** AIM OF THE EXERCISE **
Give the number of lines in the records below that hold "bold"; nothing else is needed.

** MATERIAL TO PROCESS **
▼▼▼

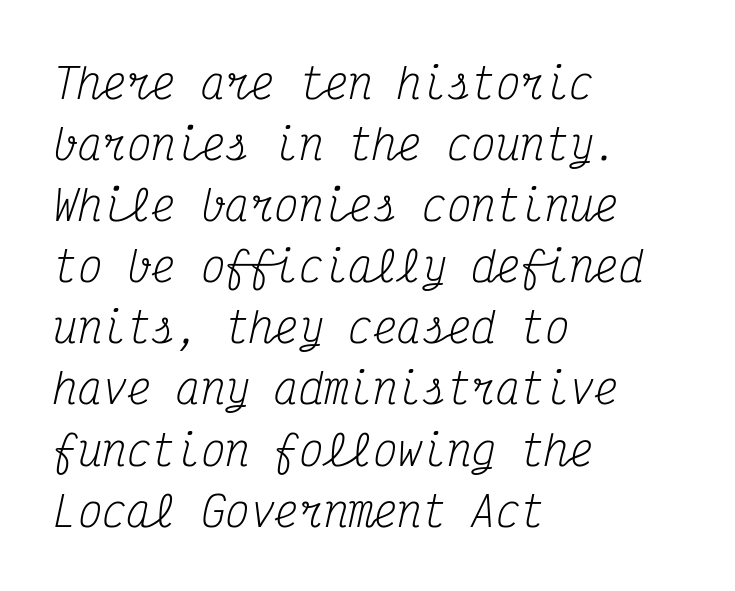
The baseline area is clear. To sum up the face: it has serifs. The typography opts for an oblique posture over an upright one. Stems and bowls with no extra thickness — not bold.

▲▲▲
▼▼▼

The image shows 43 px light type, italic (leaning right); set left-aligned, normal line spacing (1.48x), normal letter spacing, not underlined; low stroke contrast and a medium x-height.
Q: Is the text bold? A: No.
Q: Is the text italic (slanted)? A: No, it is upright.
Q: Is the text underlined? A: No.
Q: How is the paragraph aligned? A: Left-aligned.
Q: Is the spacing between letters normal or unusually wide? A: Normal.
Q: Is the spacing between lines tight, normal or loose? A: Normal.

▲▲▲
▼▼▼

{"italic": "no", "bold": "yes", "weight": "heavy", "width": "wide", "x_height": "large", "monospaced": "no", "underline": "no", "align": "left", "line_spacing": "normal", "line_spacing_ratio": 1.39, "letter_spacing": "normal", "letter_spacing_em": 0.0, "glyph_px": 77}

▲▲▲

** RESULT **
3